**** Data for this task
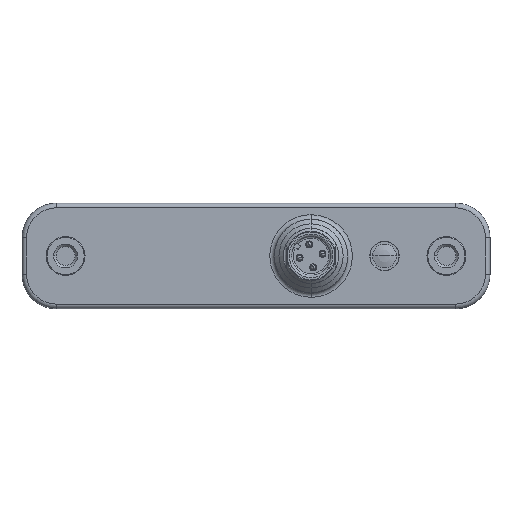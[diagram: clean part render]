
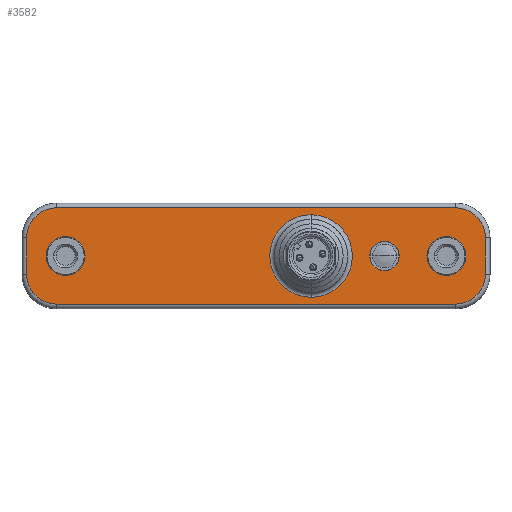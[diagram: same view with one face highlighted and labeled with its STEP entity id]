
A CAD part, top view. The second image highlights one B-rep face of the part: STEP entity #3582.
In plain terms, the highlighted face is planar.
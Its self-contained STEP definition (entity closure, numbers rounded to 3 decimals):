
#1365=CARTESIAN_POINT('',(-43.5,0.,4.));
#1366=DIRECTION('',(0.,1.,0.));
#1367=DIRECTION('',(-1.,0.,0.));
#1368=AXIS2_PLACEMENT_3D('',#1365,#1366,#1367);
#1373=CARTESIAN_POINT('',(43.5,0.,4.));
#1374=DIRECTION('',(0.,1.,0.));
#1375=DIRECTION('',(0.,0.,1.));
#1376=AXIS2_PLACEMENT_3D('',#1373,#1374,#1375);
#1381=CARTESIAN_POINT('',(43.5,0.,-4.));
#1382=DIRECTION('',(0.,1.,0.));
#1383=DIRECTION('',(1.,0.,0.));
#1384=AXIS2_PLACEMENT_3D('',#1381,#1382,#1383);
#1389=CARTESIAN_POINT('',(-43.5,0.,-4.));
#1390=DIRECTION('',(0.,1.,0.));
#1391=DIRECTION('',(0.,0.,-1.));
#1392=AXIS2_PLACEMENT_3D('',#1389,#1390,#1391);
#1397=CARTESIAN_POINT('',(41.5,0.,0.));
#1398=DIRECTION('',(0.,-1.,0.));
#1399=DIRECTION('',(-1.,0.,0.));
#1400=AXIS2_PLACEMENT_3D('',#1397,#1398,#1399);
#1405=CARTESIAN_POINT('',(41.5,0.,0.));
#1406=DIRECTION('',(0.,-1.,0.));
#1407=DIRECTION('',(1.,0.,0.));
#1408=AXIS2_PLACEMENT_3D('',#1405,#1406,#1407);
#1413=CARTESIAN_POINT('',(-41.5,0.,0.));
#1414=DIRECTION('',(0.,-1.,0.));
#1415=DIRECTION('',(-1.,0.,0.));
#1416=AXIS2_PLACEMENT_3D('',#1413,#1414,#1415);
#1421=CARTESIAN_POINT('',(-41.5,0.,0.));
#1422=DIRECTION('',(0.,-1.,0.));
#1423=DIRECTION('',(1.,0.,0.));
#1424=AXIS2_PLACEMENT_3D('',#1421,#1422,#1423);
#1429=CARTESIAN_POINT('',(28.,0.,0.));
#1430=DIRECTION('',(0.,-1.,0.));
#1431=DIRECTION('',(1.,0.,0.));
#1432=AXIS2_PLACEMENT_3D('',#1429,#1430,#1431);
#1437=CARTESIAN_POINT('',(28.,0.,0.));
#1438=DIRECTION('',(0.,-1.,0.));
#1439=DIRECTION('',(-1.,0.,0.));
#1440=AXIS2_PLACEMENT_3D('',#1437,#1438,#1439);
#1445=CARTESIAN_POINT('',(12.,0.,0.));
#1446=DIRECTION('',(0.,-1.,0.));
#1447=DIRECTION('',(-0.001,0.,1.));
#1448=AXIS2_PLACEMENT_3D('',#1445,#1446,#1447);
#1453=CARTESIAN_POINT('',(12.,0.,0.));
#1454=DIRECTION('',(0.,-1.,0.));
#1455=DIRECTION('',(0.001,0.,-1.));
#1456=AXIS2_PLACEMENT_3D('',#1453,#1454,#1455);
#1485=DIRECTION('',(0.,0.,-1.));
#1486=VECTOR('',#1485,8.);
#1487=CARTESIAN_POINT('',(-50.,0.,4.));
#1488=LINE('',#1487,#1486);
#1523=DIRECTION('',(1.,0.,0.));
#1524=VECTOR('',#1523,87.);
#1525=CARTESIAN_POINT('',(-43.5,0.,-10.5));
#1526=LINE('',#1525,#1524);
#1561=DIRECTION('',(0.,0.,1.));
#1562=VECTOR('',#1561,8.);
#1563=CARTESIAN_POINT('',(50.,0.,-4.));
#1564=LINE('',#1563,#1562);
#1599=DIRECTION('',(-1.,0.,0.));
#1600=VECTOR('',#1599,87.);
#1601=CARTESIAN_POINT('',(43.5,0.,10.5));
#1602=LINE('',#1601,#1600);
#2324=CARTESIAN_POINT('',(12.,0.,0.));
#2325=DIRECTION('',(0.,1.,0.));
#2326=DIRECTION('',(0.001,0.,-1.));
#2327=AXIS2_PLACEMENT_3D('',#2324,#2325,#2326);
#2356=CARTESIAN_POINT('',(12.,0.,0.));
#2357=DIRECTION('',(0.,1.,0.));
#2358=DIRECTION('',(-0.001,0.,1.));
#2359=AXIS2_PLACEMENT_3D('',#2356,#2357,#2358);
#3140=CARTESIAN_POINT('',(-50.,0.,4.));
#3141=CARTESIAN_POINT('',(-43.5,0.,10.5));
#3142=VERTEX_POINT('',#3140);
#3143=VERTEX_POINT('',#3141);
#3144=CARTESIAN_POINT('',(43.5,0.,10.5));
#3145=VERTEX_POINT('',#3144);
#3146=CARTESIAN_POINT('',(50.,0.,4.));
#3147=VERTEX_POINT('',#3146);
#3148=CARTESIAN_POINT('',(50.,0.,-4.));
#3149=VERTEX_POINT('',#3148);
#3150=CARTESIAN_POINT('',(43.5,0.,-10.5));
#3151=VERTEX_POINT('',#3150);
#3152=CARTESIAN_POINT('',(-43.5,0.,-10.5));
#3153=VERTEX_POINT('',#3152);
#3154=CARTESIAN_POINT('',(-50.,0.,-4.));
#3155=VERTEX_POINT('',#3154);
#3156=CARTESIAN_POINT('',(37.25,0.,0.));
#3157=CARTESIAN_POINT('',(45.75,0.,0.));
#3158=VERTEX_POINT('',#3156);
#3159=VERTEX_POINT('',#3157);
#3160=CARTESIAN_POINT('',(-45.75,0.,0.));
#3161=CARTESIAN_POINT('',(-37.25,0.,0.));
#3162=VERTEX_POINT('',#3160);
#3163=VERTEX_POINT('',#3161);
#3164=CARTESIAN_POINT('',(31.2,0.,0.));
#3165=CARTESIAN_POINT('',(24.8,0.,0.));
#3166=VERTEX_POINT('',#3164);
#3167=VERTEX_POINT('',#3165);
#3168=CARTESIAN_POINT('',(11.993,0.,
9.));
#3169=CARTESIAN_POINT('',(11.812,0.,
-8.998));
#3170=VERTEX_POINT('',#3168);
#3171=VERTEX_POINT('',#3169);
#3172=CARTESIAN_POINT('',(12.007,0.,
-9.));
#3173=VERTEX_POINT('',#3172);
#3174=CARTESIAN_POINT('',(12.188,0.,
8.998));
#3175=VERTEX_POINT('',#3174);
#3532=CARTESIAN_POINT('',(0.,0.,0.));
#3533=DIRECTION('',(0.,1.,0.));
#3534=DIRECTION('',(1.,0.,0.));
#3535=AXIS2_PLACEMENT_3D('',#3532,#3533,#3534);
#3536=PLANE('',#3535);
#3538=ORIENTED_EDGE('',*,*,#3537,.T.);
#3540=ORIENTED_EDGE('',*,*,#3539,.F.);
#3542=ORIENTED_EDGE('',*,*,#3541,.T.);
#3544=ORIENTED_EDGE('',*,*,#3543,.F.);
#3546=ORIENTED_EDGE('',*,*,#3545,.T.);
#3548=ORIENTED_EDGE('',*,*,#3547,.F.);
#3550=ORIENTED_EDGE('',*,*,#3549,.T.);
#3552=ORIENTED_EDGE('',*,*,#3551,.F.);
#3553=EDGE_LOOP('',(#3538,#3540,#3542,#3544,#3546,#3548,#3550,#3552));
#3554=FACE_OUTER_BOUND('',#3553,.F.);
#3556=ORIENTED_EDGE('',*,*,#3555,.T.);
#3558=ORIENTED_EDGE('',*,*,#3557,.T.);
#3559=EDGE_LOOP('',(#3556,#3558));
#3560=FACE_BOUND('',#3559,.F.);
#3562=ORIENTED_EDGE('',*,*,#3561,.T.);
#3564=ORIENTED_EDGE('',*,*,#3563,.T.);
#3565=EDGE_LOOP('',(#3562,#3564));
#3566=FACE_BOUND('',#3565,.F.);
#3567=ORIENTED_EDGE('',*,*,#3522,.T.);
#3569=ORIENTED_EDGE('',*,*,#3568,.T.);
#3570=EDGE_LOOP('',(#3567,#3569));
#3571=FACE_BOUND('',#3570,.F.);
#3573=ORIENTED_EDGE('',*,*,#3572,.T.);
#3575=ORIENTED_EDGE('',*,*,#3574,.F.);
#3577=ORIENTED_EDGE('',*,*,#3576,.T.);
#3579=ORIENTED_EDGE('',*,*,#3578,.F.);
#3580=EDGE_LOOP('',(#3573,#3575,#3577,#3579));
#3581=FACE_BOUND('',#3580,.F.);
#3582=ADVANCED_FACE('',(#3554,#3560,#3566,#3571,#3581),#3536,.F.);
#1369=CIRCLE('',#1368,6.5);
#1377=CIRCLE('',#1376,6.5);
#1385=CIRCLE('',#1384,6.5);
#1393=CIRCLE('',#1392,6.5);
#1401=CIRCLE('',#1400,4.25);
#1409=CIRCLE('',#1408,4.25);
#1417=CIRCLE('',#1416,4.25);
#1425=CIRCLE('',#1424,4.25);
#1433=CIRCLE('',#1432,3.2);
#1441=CIRCLE('',#1440,3.2);
#1449=CIRCLE('',#1448,9.);
#1457=CIRCLE('',#1456,9.);
#2328=CIRCLE('',#2327,9.);
#2360=CIRCLE('',#2359,9.);
#3522=EDGE_CURVE('',#3166,#3167,#1433,.T.);
#3537=EDGE_CURVE('',#3142,#3143,#1369,.T.);
#3539=EDGE_CURVE('',#3145,#3143,#1602,.T.);
#3541=EDGE_CURVE('',#3145,#3147,#1377,.T.);
#3543=EDGE_CURVE('',#3149,#3147,#1564,.T.);
#3545=EDGE_CURVE('',#3149,#3151,#1385,.T.);
#3547=EDGE_CURVE('',#3153,#3151,#1526,.T.);
#3549=EDGE_CURVE('',#3153,#3155,#1393,.T.);
#3551=EDGE_CURVE('',#3142,#3155,#1488,.T.);
#3555=EDGE_CURVE('',#3158,#3159,#1401,.T.);
#3557=EDGE_CURVE('',#3159,#3158,#1409,.T.);
#3561=EDGE_CURVE('',#3162,#3163,#1417,.T.);
#3563=EDGE_CURVE('',#3163,#3162,#1425,.T.);
#3568=EDGE_CURVE('',#3167,#3166,#1441,.T.);
#3572=EDGE_CURVE('',#3170,#3171,#1449,.T.);
#3574=EDGE_CURVE('',#3173,#3171,#2328,.T.);
#3576=EDGE_CURVE('',#3173,#3175,#1457,.T.);
#3578=EDGE_CURVE('',#3170,#3175,#2360,.T.);
********
- [Exercise aim]
What do the lines above say from the one containing "#3156=CARTESIAN_POINT('',(37.25,0.,0.));" down to the one containing "#3163=VERTEX_POINT('',#3161);"? Return them exactly, both end lines included, and only them.

- [Task answer]
#3156=CARTESIAN_POINT('',(37.25,0.,0.));
#3157=CARTESIAN_POINT('',(45.75,0.,0.));
#3158=VERTEX_POINT('',#3156);
#3159=VERTEX_POINT('',#3157);
#3160=CARTESIAN_POINT('',(-45.75,0.,0.));
#3161=CARTESIAN_POINT('',(-37.25,0.,0.));
#3162=VERTEX_POINT('',#3160);
#3163=VERTEX_POINT('',#3161);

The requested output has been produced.